WHAT TO WORK ON >> Transcribe every entry word for word, leaving out all images.
INFORMATION PROVIDED: Begin
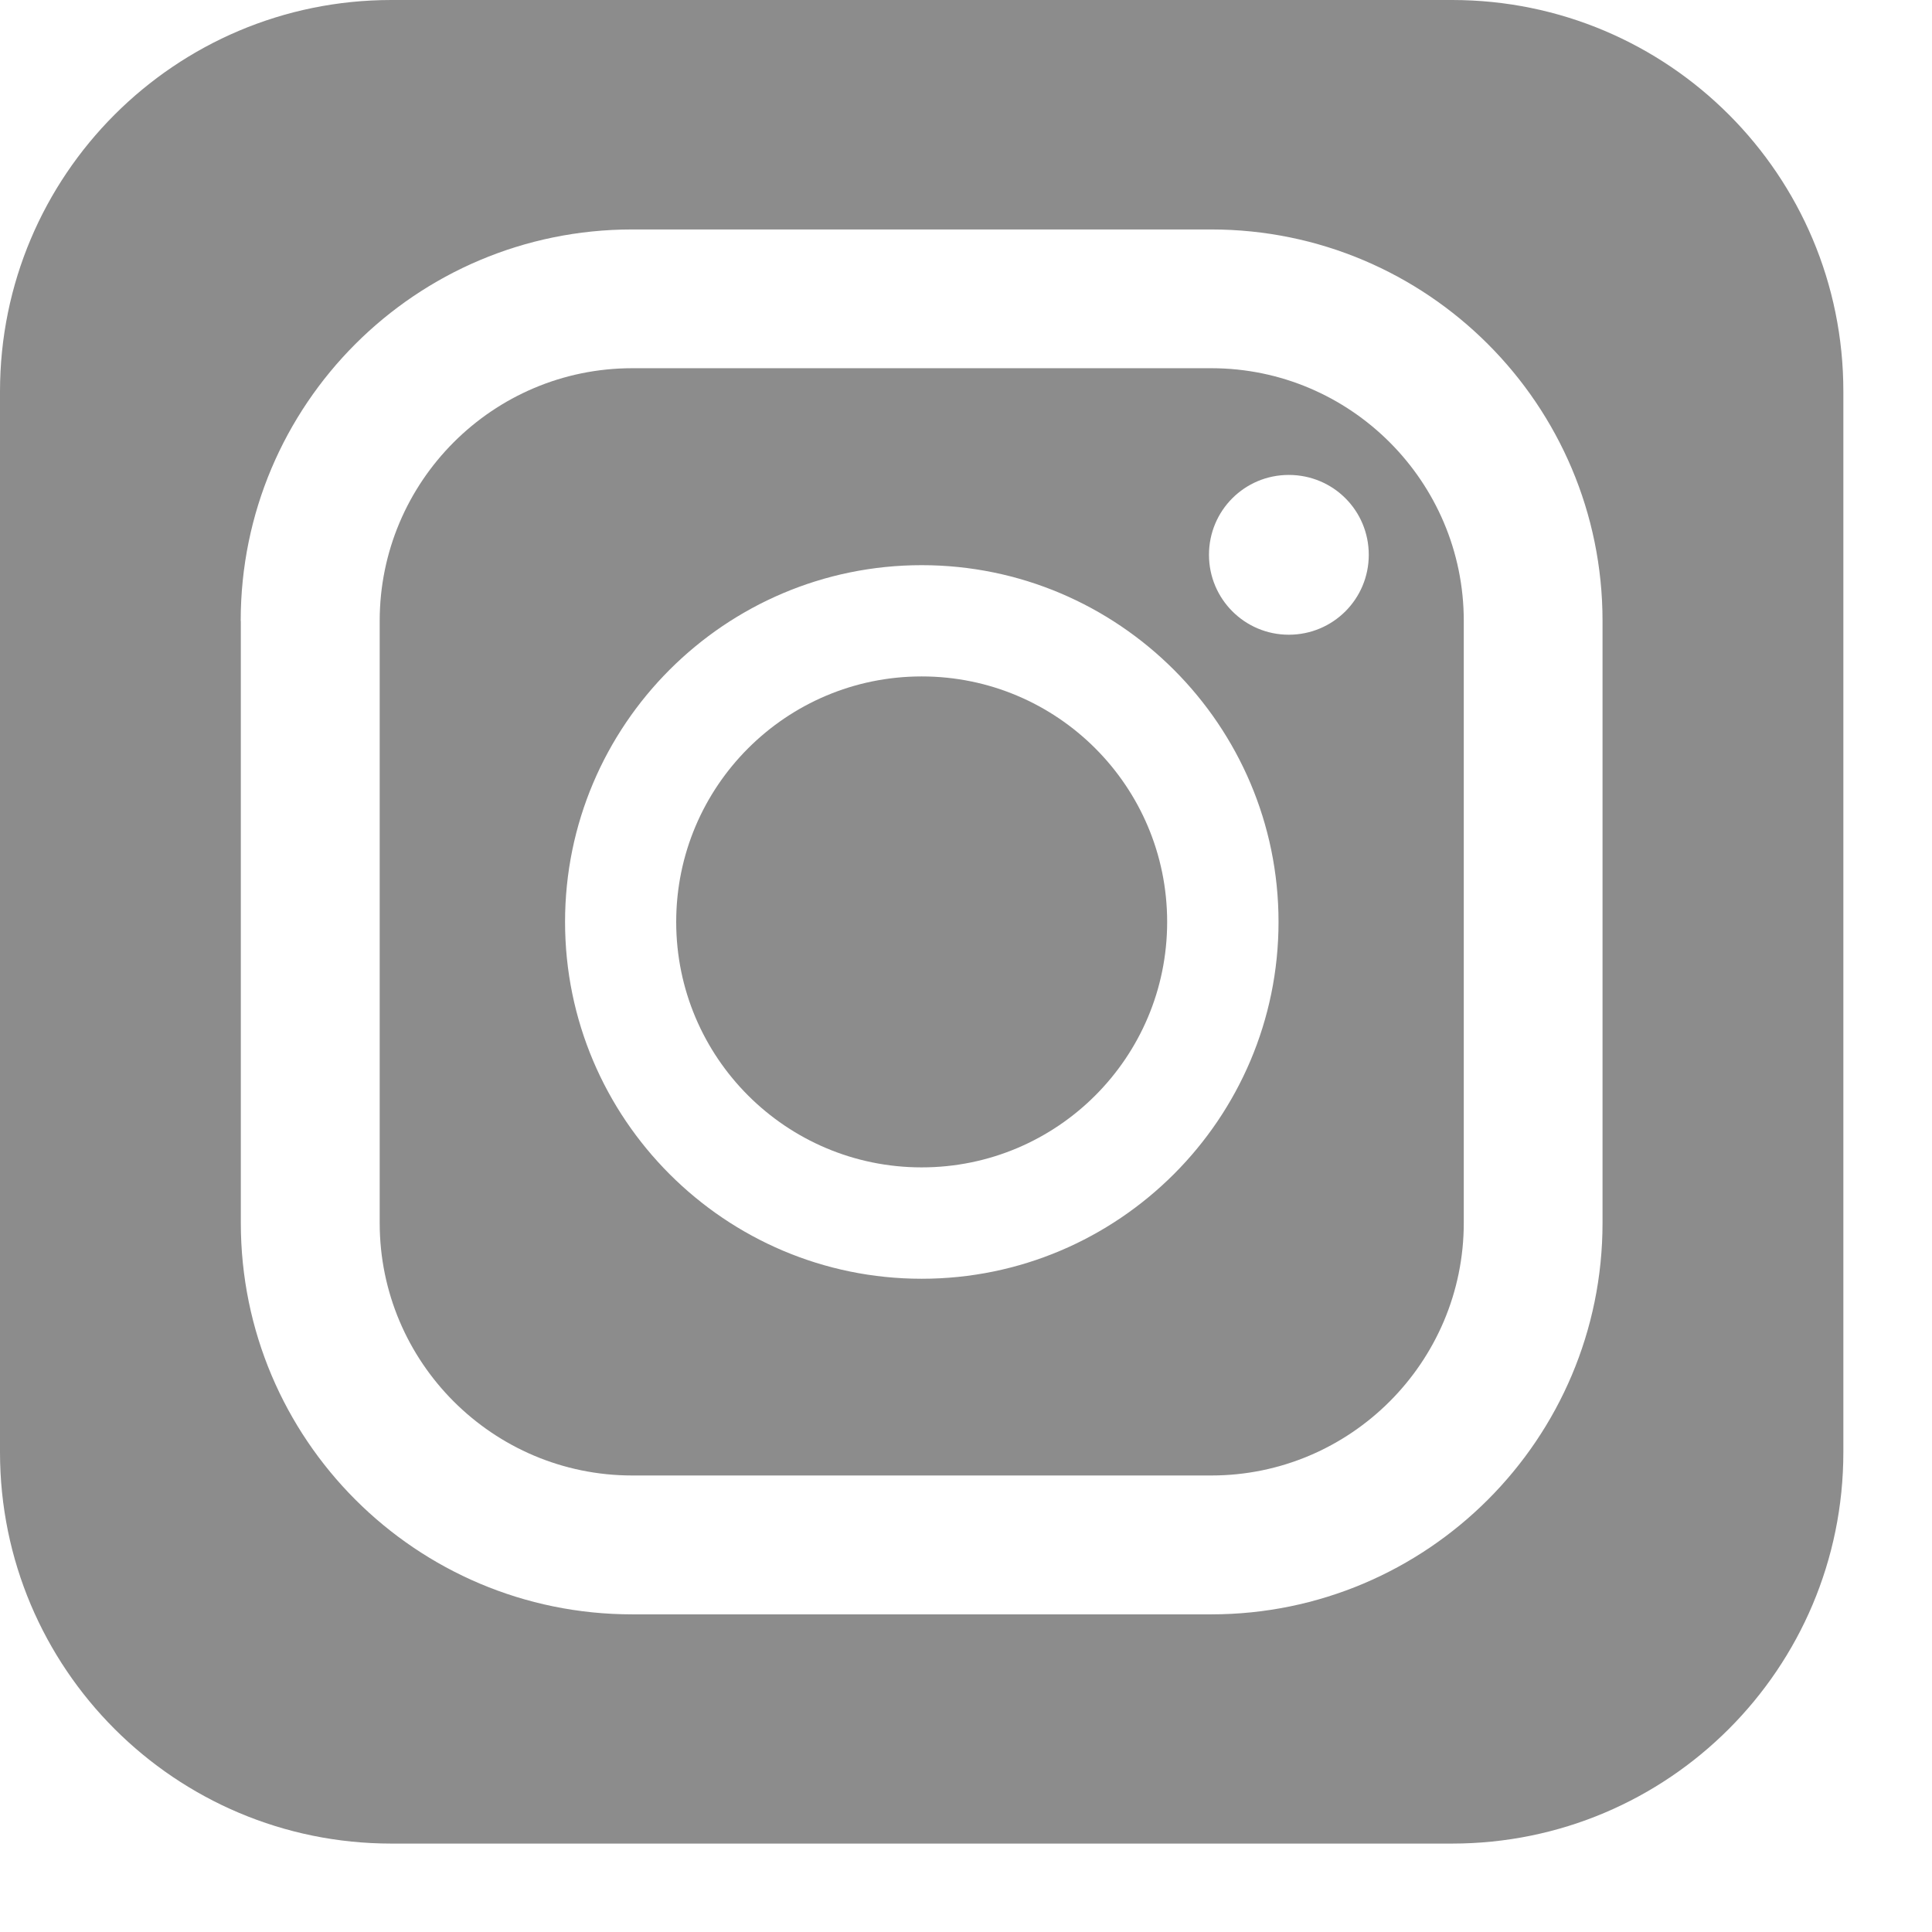 <?xml version="1.0" encoding="utf-8"?>
<!-- Generator: Adobe Illustrator 15.1.0, SVG Export Plug-In . SVG Version: 6.00 Build 0)  -->
<!DOCTYPE svg PUBLIC "-//W3C//DTD SVG 1.1//EN" "http://www.w3.org/Graphics/SVG/1.1/DTD/svg11.dtd">
<svg version="1.1" id="レイヤー_1" xmlns="http://www.w3.org/2000/svg" xmlns:xlink="http://www.w3.org/1999/xlink" x="0px"
	 y="0px" width="17px" height="17px" viewBox="0 0 17 17" enable-background="new 0 0 17 17" xml:space="preserve">
<g>
	<path fill="#8C8C8C" d="M5.563,12.983h5.096c1.223,0,2.221-0.996,2.221-2.223V5.463c0-1.226-0.998-2.223-2.221-2.223H5.563
		c-1.226,0-2.222,0.997-2.222,2.223v5.298C3.341,11.987,4.337,12.983,5.563,12.983z M11.34,4.179c0.391,0,0.704,0.313,0.704,0.703
		c0,0.388-0.313,0.703-0.704,0.703c-0.388,0-0.702-0.315-0.702-0.703C10.638,4.492,10.952,4.179,11.34,4.179z M8.11,4.973
		c1.731,0,3.14,1.408,3.14,3.139c0,1.731-1.408,3.14-3.14,3.14c-1.731,0-3.138-1.408-3.138-3.14C4.972,6.381,6.379,4.973,8.11,4.973
		z"/>
	<circle fill="#8C8C8C" cx="8.11" cy="8.112" r="2.16"/>
	<path fill="#8C8C8C" d="M12.777,0H3.444C1.541,0,0,1.542,0,3.445v9.333c0,1.903,1.541,3.444,3.444,3.444h9.333
		c1.903,0,3.443-1.541,3.443-3.444V3.445C16.221,1.542,14.681,0,12.777,0z M2.118,5.463c0-1.903,1.542-3.444,3.444-3.444h5.096
		c1.9,0,3.443,1.541,3.443,3.444v5.298c0,1.902-1.543,3.444-3.443,3.444H5.563c-1.903,0-3.444-1.542-3.444-3.444V5.463z"/>
</g>
</svg>
INFORMATION PROVIDED: End
EXERCISE OUTPUT >>
 <?xml version="1.0" encoding="utf-8"?>
<!-- Generator: Adobe Illustrator 15.1.0, SVG Export Plug-In . SVG Version: 6.00 Build 0)  -->
<!DOCTYPE svg PUBLIC "-//W3C//DTD SVG 1.1//EN" "http://www.w3.org/Graphics/SVG/1.1/DTD/svg11.dtd">
<svg version="1.1" id="レイヤー_1" xmlns="http://www.w3.org/2000/svg" xmlns:xlink="http://www.w3.org/1999/xlink" x="0px"
	 y="0px" width="17px" height="17px" viewBox="0 0 17 17" enable-background="new 0 0 17 17" xml:space="preserve">
<g>
	<path fill="#8C8C8C" d="M5.563,12.983h5.096c1.223,0,2.221-0.996,2.221-2.223V5.463c0-1.226-0.998-2.223-2.221-2.223H5.563
		c-1.226,0-2.222,0.997-2.222,2.223v5.298C3.341,11.987,4.337,12.983,5.563,12.983z M11.34,4.179c0.391,0,0.704,0.313,0.704,0.703
		c0,0.388-0.313,0.703-0.704,0.703c-0.388,0-0.702-0.315-0.702-0.703C10.638,4.492,10.952,4.179,11.34,4.179z M8.11,4.973
		c1.731,0,3.14,1.408,3.14,3.139c0,1.731-1.408,3.14-3.14,3.14c-1.731,0-3.138-1.408-3.138-3.14C4.972,6.381,6.379,4.973,8.11,4.973
		z"/>
	<circle fill="#8C8C8C" cx="8.11" cy="8.112" r="2.16"/>
	<path fill="#8C8C8C" d="M12.777,0H3.444C1.541,0,0,1.542,0,3.445v9.333c0,1.903,1.541,3.444,3.444,3.444h9.333
		c1.903,0,3.443-1.541,3.443-3.444V3.445C16.221,1.542,14.681,0,12.777,0z M2.118,5.463c0-1.903,1.542-3.444,3.444-3.444h5.096
		c1.9,0,3.443,1.541,3.443,3.444v5.298c0,1.902-1.543,3.444-3.443,3.444H5.563c-1.903,0-3.444-1.542-3.444-3.444V5.463z"/>
</g>
</svg>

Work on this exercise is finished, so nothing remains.